2025 10 15 mercredi 12h DZP
J'ai eu une discussion intéressante avec Jean et Laurent avant le zazen. Ils m'ont ramené à mon premier zazen, qui n'était de zazen que de nom finalement.
C'était dans un petit groupe de zen rinzai/catholique. Le responsable[^1] n'étant pas là, c'était de très gentilles dames qui m'ont accueilli. Elles m'ont donné un zafu, coup de cloche, une demi-heure plus tard, coup de cloche, petite discussion. Et je me souviens que la seule chose qui m'était resté, c'est qu'il était impossible de ne pas penser, exactement comme lorsque j'essayais de méditer seul chez moi.
Malgré tout, un an plus tard je re-essaie dans un dojo de la lignée de Deshimaru, et là tout de suite c'est très différent. On m'initie à la posture, il ne faut pas bouger, on laisse passer les pensées.
Ce premier zazen m'a saisi, parce qu'il y avait l'enseignement. Il ne s'agissait plus de moi avec moi-même.

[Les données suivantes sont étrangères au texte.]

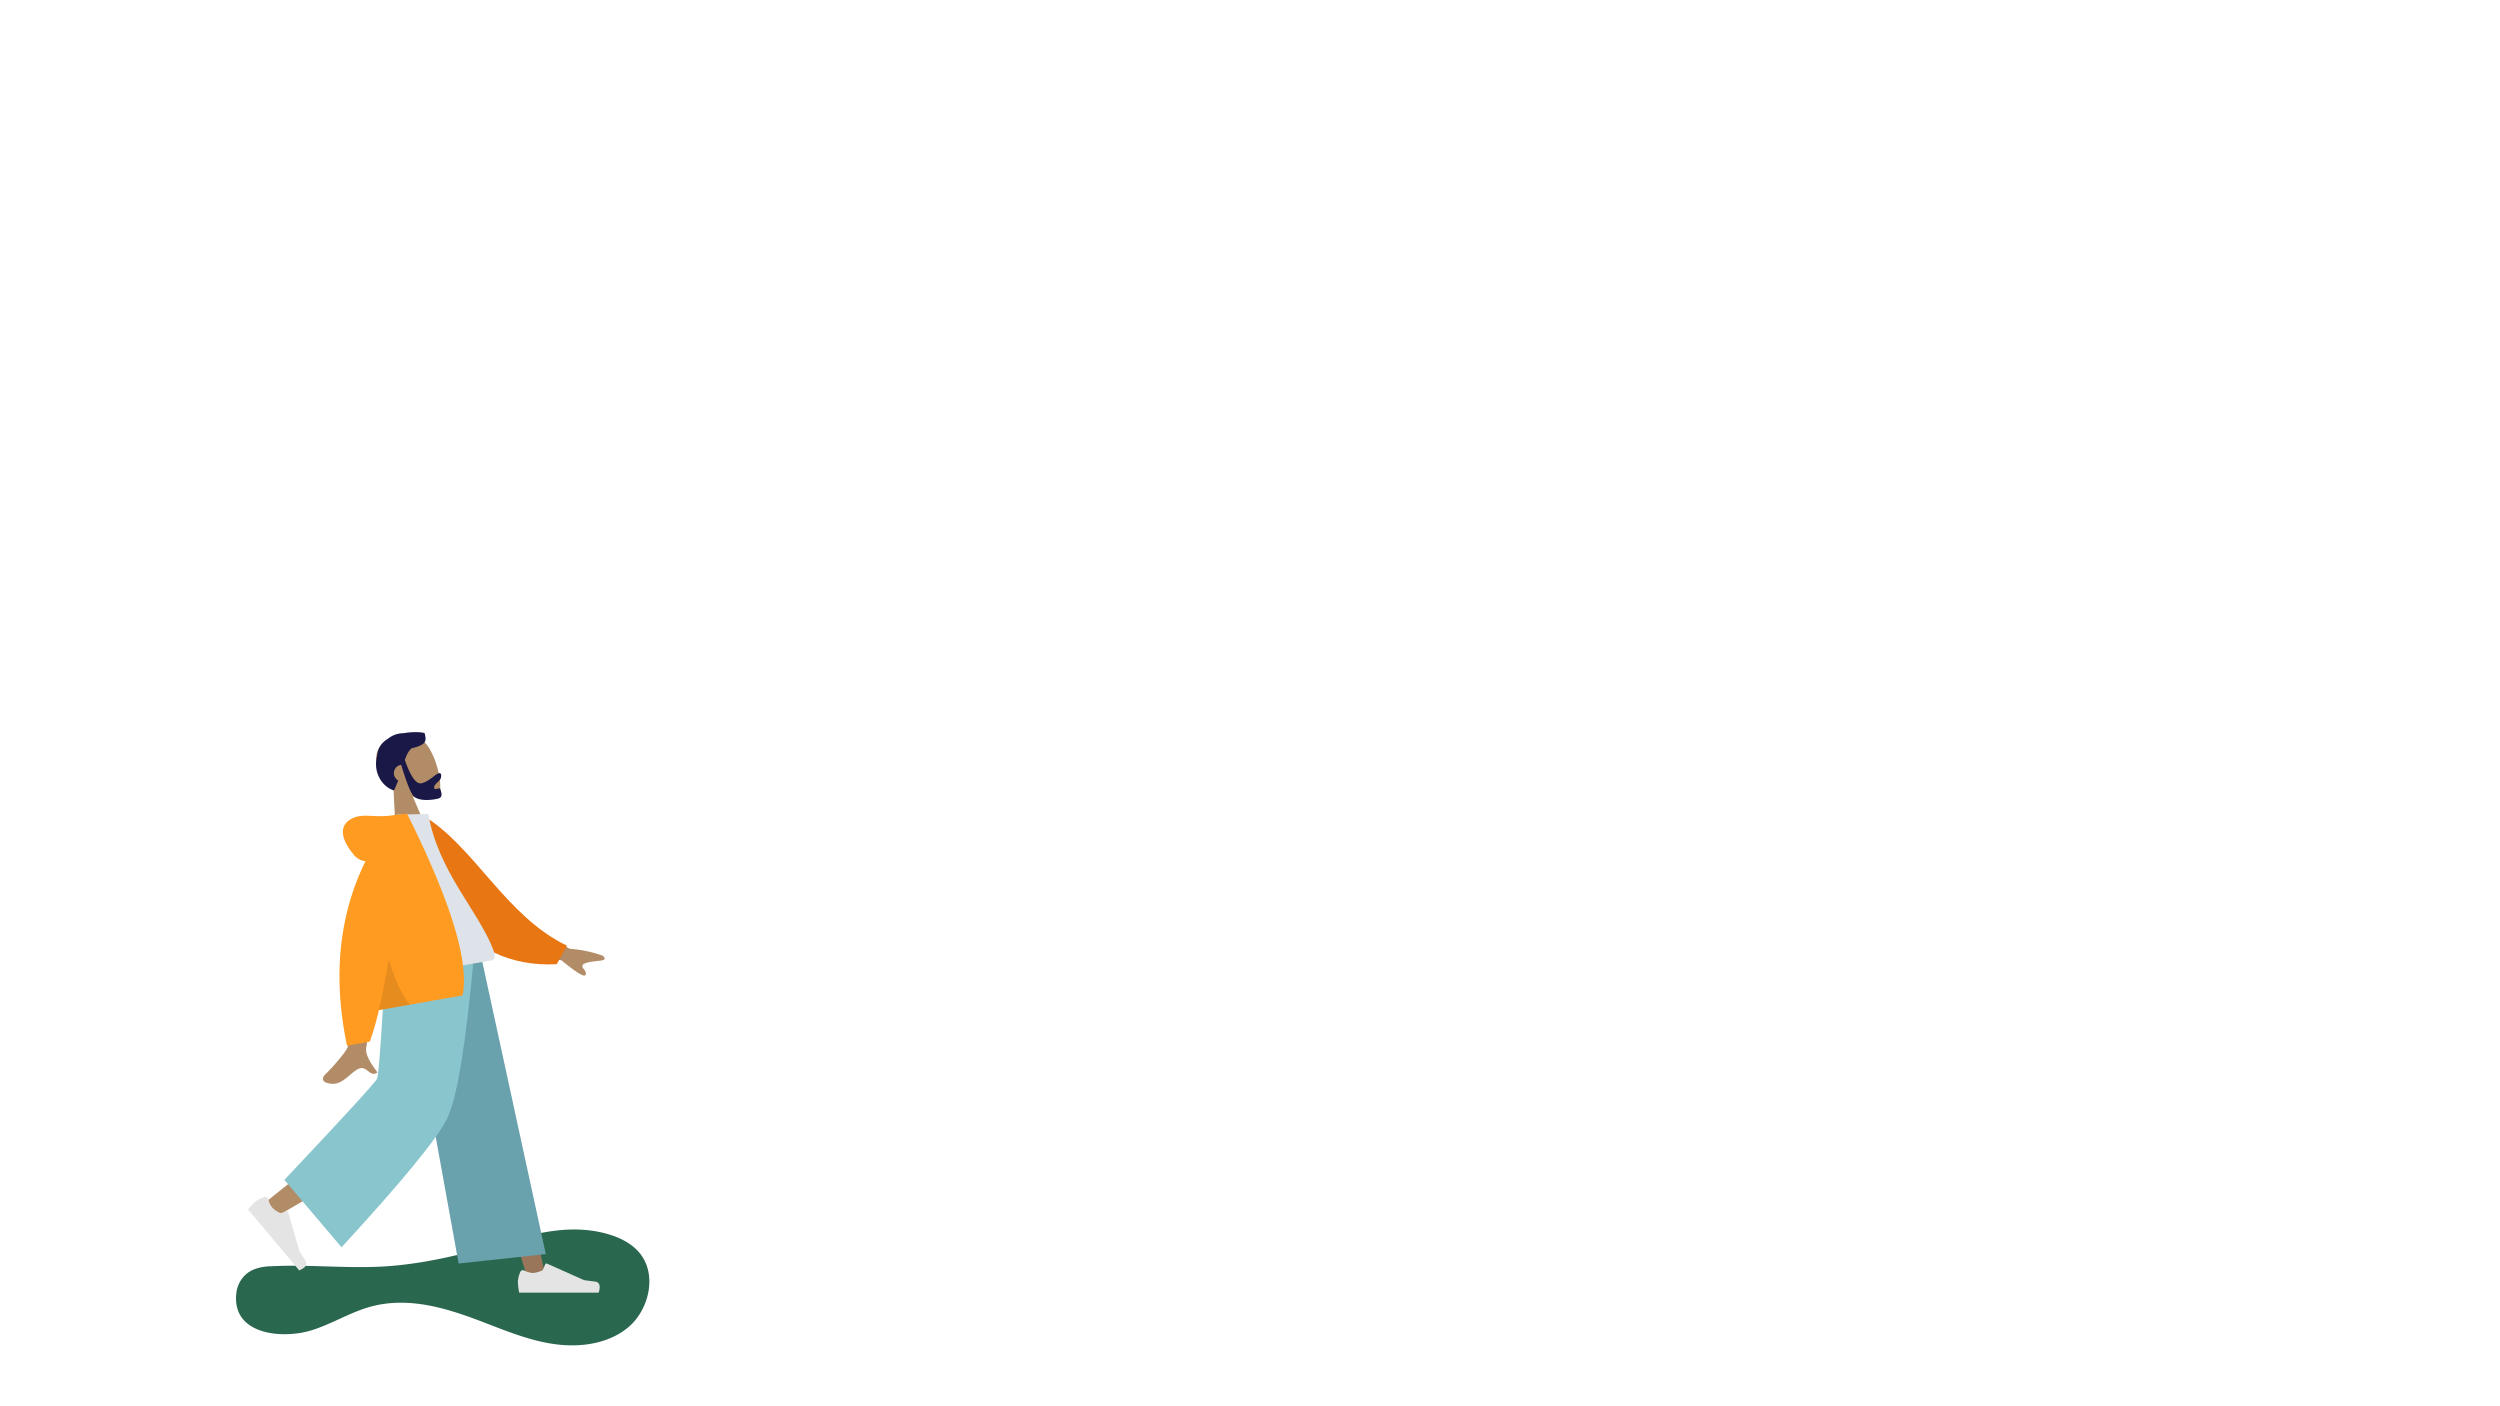 <svg id="Layer_1" data-name="Layer 1" xmlns="http://www.w3.org/2000/svg" viewBox="0 0 1920 1080"><defs><style>.cls-1{fill:#2a674f;}.cls-1,.cls-10,.cls-11,.cls-2,.cls-3,.cls-4,.cls-5,.cls-6,.cls-7,.cls-8,.cls-9{fill-rule:evenodd;}.cls-2{fill:#b28b67;}.cls-3{fill:#191847;}.cls-4{fill:#997659;}.cls-5{fill:#e4e4e4;}.cls-6{fill:#69a1ac;}.cls-7{fill:#89c5cc;}.cls-8{fill:#e87613;}.cls-9{fill:#dde3e9;}.cls-10{fill:#ff9b21;}.cls-11{fill-opacity:0.1;}</style></defs><path class="cls-1" d="M208.24,972.49l-1.08,0c-6.08.35-12.34,1.62-17.19,5.29a22.71,22.71,0,0,0-8.49,15.6c-3.4,31.71,34.88,35,56.78,28.58,1.82-.54,3.63-1.13,5.41-1.78,14.68-5.3,28.38-13.75,43.63-17.35,30.26-7.15,60.09,3.33,88.07,14.2,17.19,6.67,34.6,13.43,52.91,15.56,18.79,2.19,40-.93,54.74-13.68,15.81-13.66,22.26-41.56,7-58-5.8-6.23-13.66-10.22-21.79-12.72-37.7-11.59-74.76,5.19-111,14.17-22.31,5.53-45.55,9.81-68.56,10.56C261.86,973.89,235,971.08,208.24,972.49Z"/><g id="humaaans_standing-19" data-name="humaaans/standing-19"><g id="humaaan-3"><g id="Head_Front_Short-Beard" data-name="Head/Front/Short-Beard"><g id="Head"><path class="cls-2" d="M302.19,605c-6.33-4.32-11.43-10.32-12.95-18.17-4.37-22.61,28.1-26.08,37.17-16.5s16,38.18,8.66,42.28c-2.92,1.64-10.1,1.46-18-.77l12.25,28.68-25.11,6.73Z"/></g><path id="Hair" class="cls-3" d="M310.91,583.66q6.76,19.51,13,17.86c6.18-1.66,10.39-7,13.11-7.69,2-.53,2.19,2,1.37,4.22-.68,1.79-5.57,4.65-4.94,7s4.3-.59,4.67.79c.61,2.28,2.5,6.38-1.5,7.45s-16,2.73-19.63-2.69q-3.46-5.25-8.88-23.21a5.23,5.23,0,0,0-.77.15,6.43,6.43,0,0,0-1.52,11.85c-.91,2.42-2,5-3.25,7.67-8.12-2.29-16.59-13.09-12.88-26.65.36-6.25,3.82-10.46,8.5-13.24a19,19,0,0,1,11.72-4.08c7.21-1.29,14.07-.84,16.19-.06,1.77,6.61,1,8.92-10.08,11.71C313.65,576.86,312.22,579.87,310.91,583.66Z"/></g><g id="Bottom_Standing_Baggy-Pants" data-name="Bottom/Standing/Baggy-Pants"><polygon id="Leg" class="cls-4" points="316.47 734.7 369.64 868.74 405.3 982.07 419.38 982.07 364.86 734.7 316.47 734.7"/><path id="Leg-2" data-name="Leg" class="cls-2" d="M305.77,734.69c-.57,47.11-8.83,110.53-10.15,113.46q-1.32,2.94-91.07,74.68l9.7,10.34q105.9-61.51,110.8-69.71c4.9-8.21,20.86-83.7,33.67-128.77Z"/><g id="Accessories_Shoe_Flat-Sneaker" data-name="Accessories/Shoe/Flat-Sneaker"><path id="shoe" class="cls-5" d="M203.19,919.36a23,23,0,0,0-6.73,3.28,53,53,0,0,0-5.93,6.24l39.27,46.8q7.57-3.23,4.75-7.57t-4.61-7.26L221.38,931a1.09,1.09,0,0,0-1.34-.74h0l-4.56,1.45a19.58,19.58,0,0,1-6.66-4.49,17.24,17.24,0,0,1-2.79-6.36h0a2.17,2.17,0,0,0-2.67-1.51Z"/></g><g id="Accessories_Shoe_Flat-Sneaker-2" data-name="Accessories/Shoe/Flat-Sneaker"><path id="shoe-2" data-name="shoe" class="cls-5" d="M399.53,976.94a23.33,23.33,0,0,0-1.82,7.26,54.49,54.49,0,0,0,1,8.55h61.1q2.37-7.87-2.75-8.5c-3.43-.42-6.27-.79-8.53-1.13l-28.4-12.66a1.09,1.09,0,0,0-1.43.55v0l-1.82,4.42a19.47,19.47,0,0,1-7.72,2.22,17.52,17.52,0,0,1-6.67-1.95h0a2.16,2.16,0,0,0-2.87,1.07Z"/></g><polygon id="Pant" class="cls-6" points="352.22 970.39 419.17 963.15 369.55 734.7 309.59 734.7 352.22 970.39"/><path id="Pant-2" data-name="Pant" class="cls-7" d="M218.4,906.15l43.91,51.78q69.38-75.48,80.9-98.5t20.71-124.74H296.41q-5,89.49-6.77,93.65T218.4,906.15Z"/></g><g id="Body_Hoodie" data-name="Body/Hoodie"><path id="Skin" class="cls-2" d="M399.39,709.84,437.8,728.7a94,94,0,0,1,24.77,5.17c1.69,1.07,3.93,3.45-2.21,4s-12.59,1.52-13.07,3.73,3.64,4,2.43,7.09q-1.2,3.09-18.44-11.11l-36.15-8Zm-130.5,23.9,22.31-3.85q-9,70-9.88,74.31c-1.4,6.53,5.46,14.88,8.57,19.47-6.7,4.52-8-7.62-16.47-1.75-7.69,5.36-12.83,13.51-23.55,9.27-1.32-.52-3.11-3-.34-5.75,6.91-6.74,16.56-18.1,17.55-21.46Q269.09,797.13,268.89,733.74Z"/><path id="Coat-Back" class="cls-8" d="M315.83,629.48l8.95-3.2c39.41,23.39,63.44,77.43,110.67,100l-7.9,14.24C353.19,744.35,323,678.59,315.83,629.48Z"/><path id="Shirt" class="cls-9" d="M296,751.93l81.62-14.4c3.73-.65,2.08-5.89,1.07-8.5-11.73-30.11-41.95-59.47-49.78-103.89l-24.2.47C290.7,660.21,290.73,699.77,296,751.93Z"/><path id="Coat-Front" class="cls-10" d="M280.68,661.43a13.65,13.65,0,0,1-9.33-5.41c-11.33-13.93-9.72-23-1-27.41s17.92-.1,32.57-2.68a15.61,15.61,0,0,1,2.22-.24l7.44-.88q50.58,101.37,42.67,139.65L291,775.79A220.89,220.89,0,0,1,284,800l-17.51,3.08Q250,724,280.68,661.43Z"/><path id="Shade" class="cls-11" d="M298.52,736.7q7.47,24.69,16.31,34.88L291,775.79Q294.93,759.16,298.52,736.7Z"/></g></g></g></svg>

Pour Jean, c'est la rencontre avec un bodhisattva qui l'a amené au dojo. Une personne très généreuse qui pratiquait la voie tibétaine. Il était raillé par ses collègues mais pas par Jean. Heureusement ce monde a des bodhisattvas qui s'ignorent et qui donnent, qui donnent... Lorsque Jean lui disait que les lectures qu'il lui donnait étaient complexes, il lui dit « va pratiquer le zen ».
(kinhin)
La base de kinhin, c'est tout le poids du corps sur la jambe avant qui est tendue, c'est à dire qu'on ramène le genou vers l'arrière. Le poids est donc sur la balle du pied, précisément sur la racine du gros orteil. Au fur et à mesure de l'expir, la pression de cette racine de gros orteil sur le sol augmente. Et en même temps, la racine du pouce gauche presse le petit creux qui est sous le sternum, la main droite accompagne le poing. A l'inverse, l'inspir arrive subitement, c'est alors qu'on effectue un petit pas.
Pendant quelques temps, maître Deshimaru avait le grand chorégraphe Maurice Béjart. Celui-ci retrouvait en kinhin la base de la danse classique.
Vous n'avez pas besoin de vous retourner avant de vous asseoir et saluer vers le centre du dojo. Lorsqu'il y a le coup de cloche qui signale la fin de kinhin, et qu'on retrouve sa place d'un pas rapide, on va direct de nouveau vers zazen, on fait gassho face à son zafu et on se rassoit.
(zazen)
Je reprends l'Hokyo Zanmai, strophes 7 et 8 :
Minuit est la vraie lumière, l'aube n'est pas claire. Cette phrase devient la règle du matériel. Si vous l'utilisez, vous pouvez rejeter toute souffrance et difficulté.
Il ne faut pas voir en cette image de minuit et d'aube une quelconque esthétique, mais bien l'enseignement de notre école. C'est pour ça, je vous en prie, détendez-vous. Laissez tomber l'énergie du haut vers le ventre. Prenez appui avec les genoux et le périnée sur le sol et érigez-vous. Formez un beau mudra, un bel ovale avec vos mains. Le contact des pouces est délicat. Les épaules sont relâchées. Et pour rentrer le menton, on ramène la tête en arrière, puis on rentre le menton. Baissez les paupières, un filet de lumière suffit.
En zazen, vous pouvez trouver la vraie lumière. A l'extérieur du dojo, c'est moins évident. Dans le social, nous sommes humbles. Dans le dojo, nous sommes fiers.
Non, non, non, pas pour les débutants le kyosaku.
Maitre Deshimaru disait que dans le dojo, en zazen, nous sommes Bouddha, nous sommes Dieu. Un type de fierté qui n'a rien à voir avec un quelconque « je ». Le « je », on le laisse passer.
Minuit est la vraie lumière, en revanche, l'aube n'est pas claire. Si cette maxime devient votre règle dans la vie quotidienne, si vous l'utilisez, vous pourrez rejeter ce petit « je », source de tant de souffrance et de difficultés.